ASSIGNMENT ▸ Skip the pictures and repeat each line of the data exactly.

RECORDS SHOWN ▸
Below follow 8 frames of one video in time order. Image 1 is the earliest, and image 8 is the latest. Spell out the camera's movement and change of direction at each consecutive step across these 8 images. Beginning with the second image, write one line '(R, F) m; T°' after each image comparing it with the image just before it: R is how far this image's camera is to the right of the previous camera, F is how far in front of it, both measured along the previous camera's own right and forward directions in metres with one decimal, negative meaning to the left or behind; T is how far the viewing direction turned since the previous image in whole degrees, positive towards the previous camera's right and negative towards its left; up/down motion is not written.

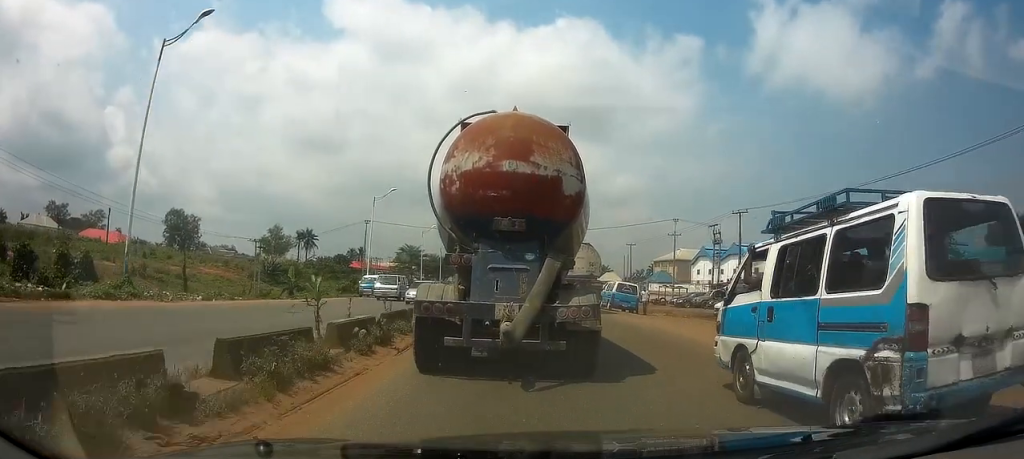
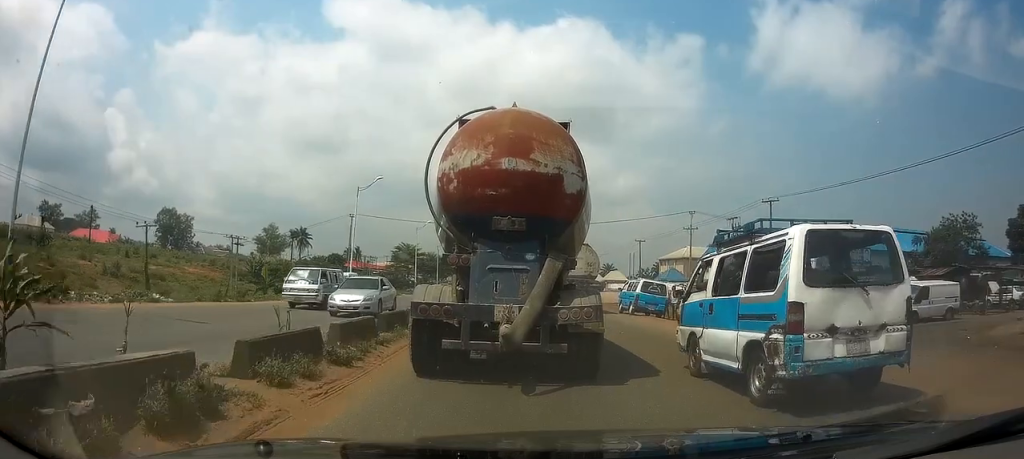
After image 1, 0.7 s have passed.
(0.0, +6.8) m; 0°
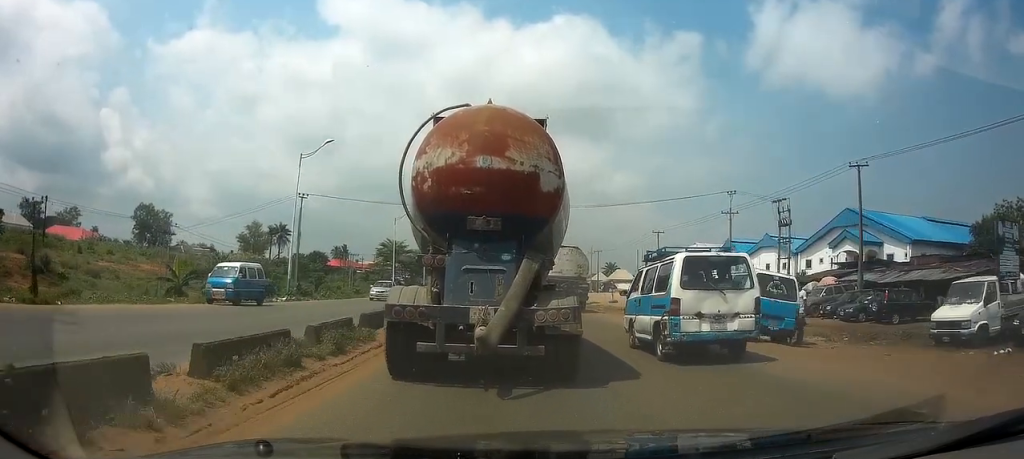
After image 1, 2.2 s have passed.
(+0.1, +13.7) m; 0°
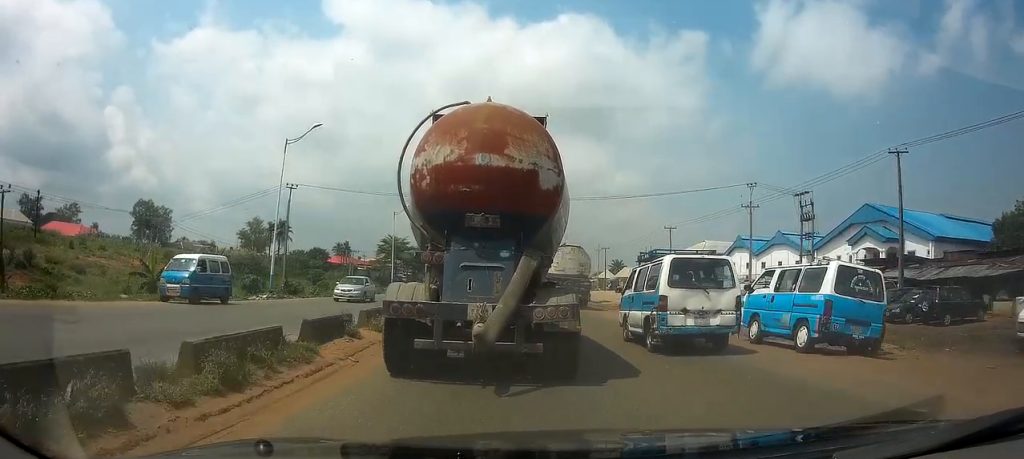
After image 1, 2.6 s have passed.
(0.0, +3.7) m; 0°
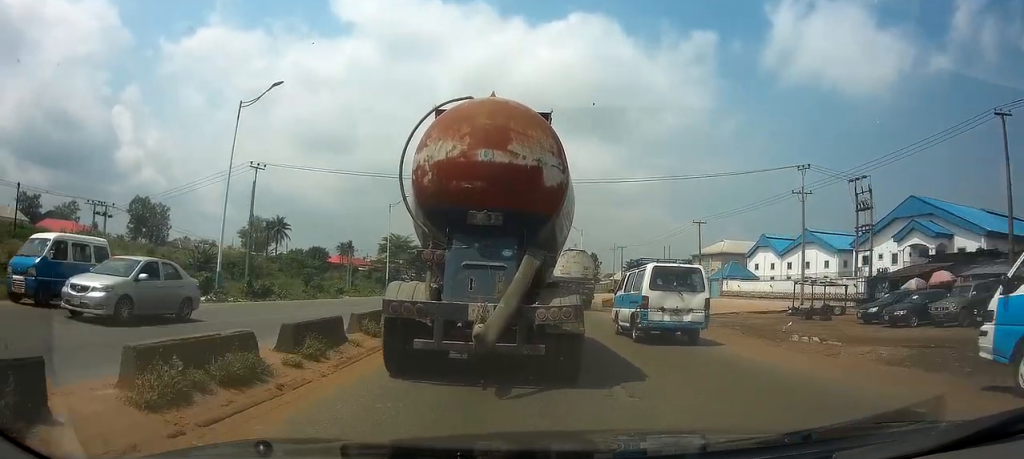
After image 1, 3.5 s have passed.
(0.0, +8.3) m; 0°
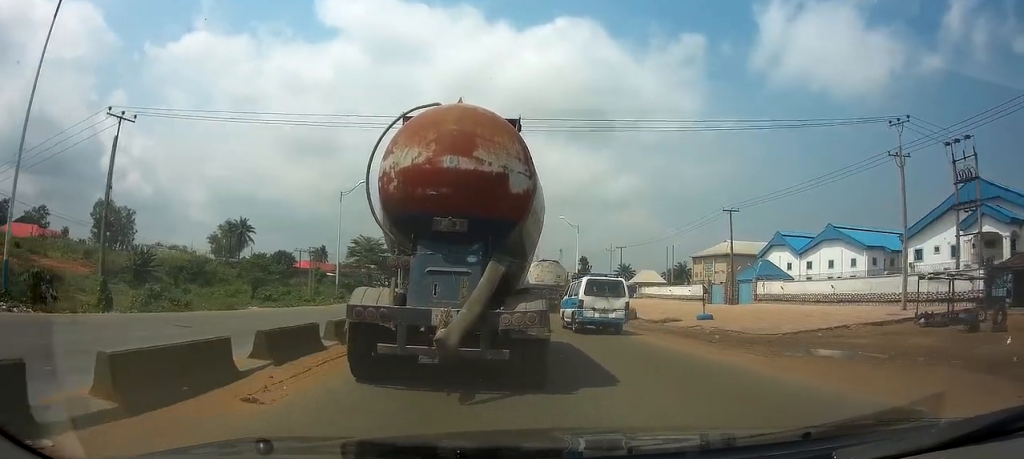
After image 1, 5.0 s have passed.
(0.0, +14.4) m; +2°
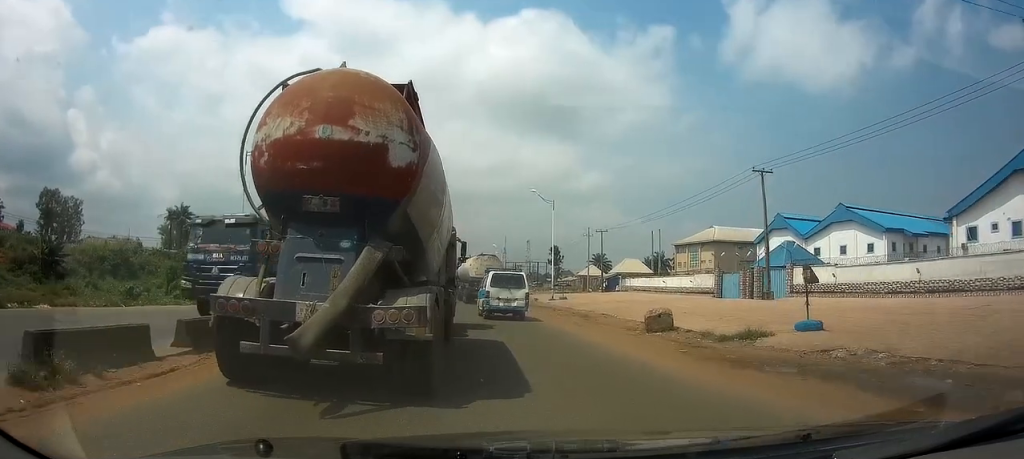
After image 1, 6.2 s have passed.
(+0.4, +13.4) m; +2°
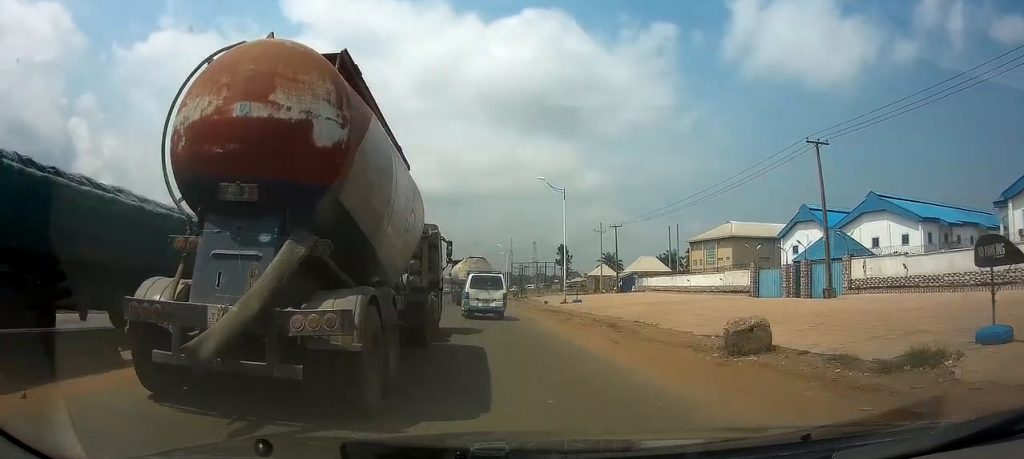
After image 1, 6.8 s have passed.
(0.0, +7.4) m; -1°

ANSWER BELOW ▸
Below follow 8 frames of one video in time order. Image 1 is the earliest, and image 8 is the latest. Spell out the camera's movement and change of direction at each consecutive step across these 8 images. Beginning with the second image, write one line '(R, F) m; T°' after each image comparing it with the image just before it: R is how far this image's camera is to the right of the previous camera, F is how far in front of it, both measured along the previous camera's own right and forward directions in metres with one decimal, negative meaning to the left or behind; T is how far the viewing direction turned since the previous image in whole degrees, positive towards the previous camera's right and negative towards its left; up/down motion is not written.

After image 1, 0.7 s have passed.
(0.0, +6.8) m; 0°
After image 1, 2.2 s have passed.
(+0.1, +13.7) m; 0°
After image 1, 2.6 s have passed.
(0.0, +3.7) m; 0°
After image 1, 3.5 s have passed.
(0.0, +8.3) m; 0°
After image 1, 5.0 s have passed.
(0.0, +14.4) m; +2°
After image 1, 6.2 s have passed.
(+0.4, +13.4) m; +2°
After image 1, 6.8 s have passed.
(0.0, +7.4) m; -1°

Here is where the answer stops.